ラテンアメリカではなんでも起こる。
空から年老いた天使が落ちてくるし、海の底にはもうひとつ都市があるし、指先ひとつで病を治す人がいるし、雲に向かって銃を撃ち、雨を降らそうとする人がいたりする。
およそ普通じゃない状況がさらりと語られる。みんなおとぎ話だ。でもラテンアメリカなら、そういうことがあってもおかしくないと思えてしまう。
これぞ魔術的リアリズム。いまでこそ、こういう手法はいたってオーソドックスなものに変わりつつあるが、この手法の使い方はとてもむずかしい。やはり本場はラテンアメリカなのだ。
日本とは程遠い向こうでは、人間同士のコミュニケーションのとり方や情報の伝達方法が、おおらかで厭味がなくどこかホラ話めいている。そういった土壌で培われた技術だからこそ、いきてくる。
だからラテンアメリカでは、なんでもありになってしまうのだ。
みんな素朴で気取らなくて、どこか怒りっぽい。

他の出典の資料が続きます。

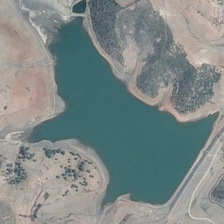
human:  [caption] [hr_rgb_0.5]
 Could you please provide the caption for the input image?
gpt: some green plants and many barelands are around an irregular green pond .

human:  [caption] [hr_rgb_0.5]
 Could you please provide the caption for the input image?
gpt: around the big pond is a white circle .

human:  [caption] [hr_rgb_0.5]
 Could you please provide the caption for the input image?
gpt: a large pond is surrounded by yellow green trees .

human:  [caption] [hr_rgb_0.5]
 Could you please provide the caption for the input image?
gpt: some green plants and many barelands are around an irregular green pond .

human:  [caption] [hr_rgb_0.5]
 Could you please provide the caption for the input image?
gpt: a large pond is surrounded by yellow green trees .
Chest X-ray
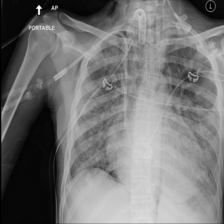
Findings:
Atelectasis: negative
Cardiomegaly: negative
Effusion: negative
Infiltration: positive
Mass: negative
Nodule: positive
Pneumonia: negative
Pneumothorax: positive
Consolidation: negative
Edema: negative
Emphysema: negative
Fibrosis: negative
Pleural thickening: negative
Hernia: negative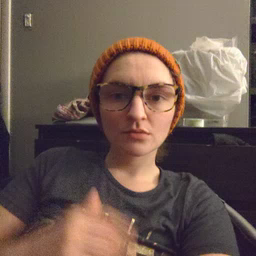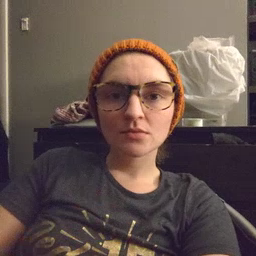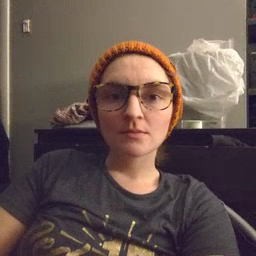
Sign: toy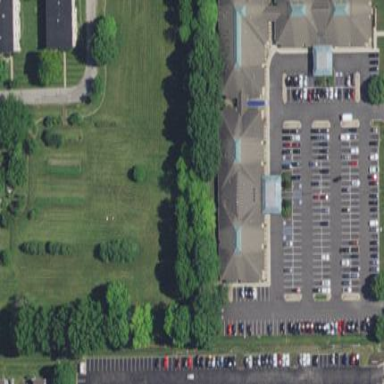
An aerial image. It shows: Office building.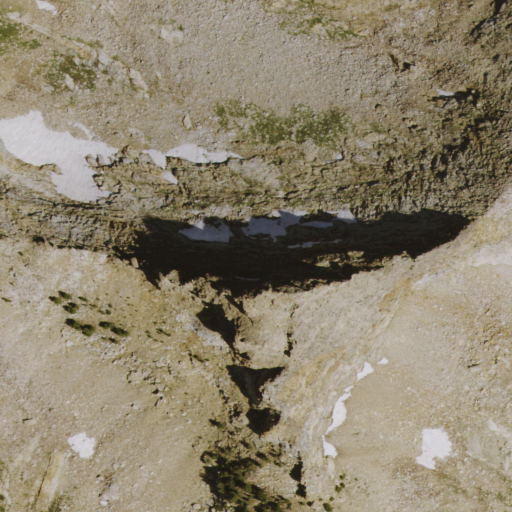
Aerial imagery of mountain in Nevada named Snow Lake Peak containing grassland, shrub, open water, and barren land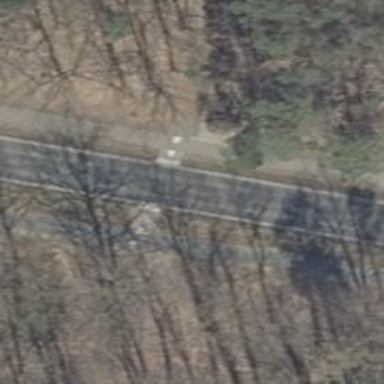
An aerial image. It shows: Unmarked crossing on footway.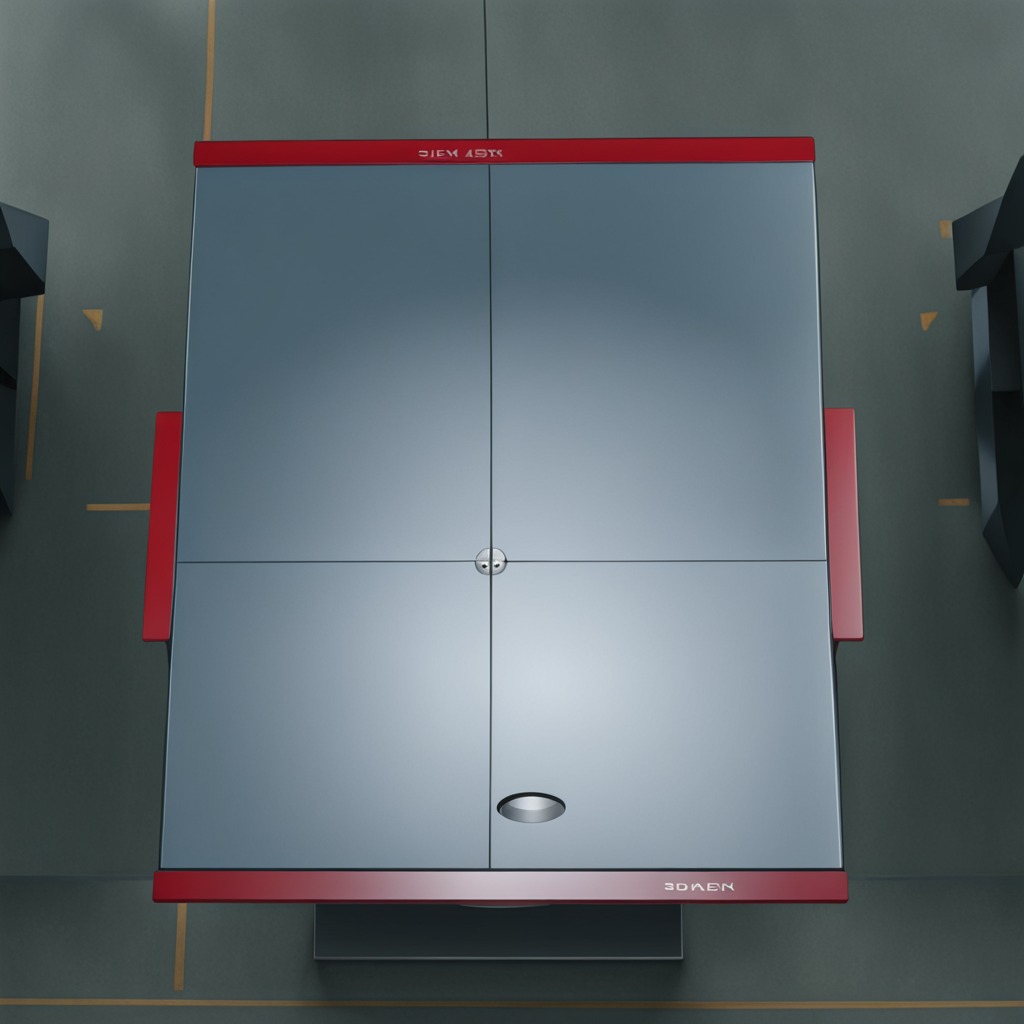
A flat metal washer is lying on the toolbox surface in an airplane hangar workshop.

様々なエピソードからこういった印象を受けたとしてもおかしくはないだろう。
マルケス流の『祖母の語り口』が充分堪能できる本短編集は、マルケス初心者にはうってつけの本だと思う。彼の語りだす話にはついつい乗せられてしまって、嘘だとわかっていても楽しく心地よくスラスラと読んでしまう。そしていつしか彼の地にあこがれてしまっているのである。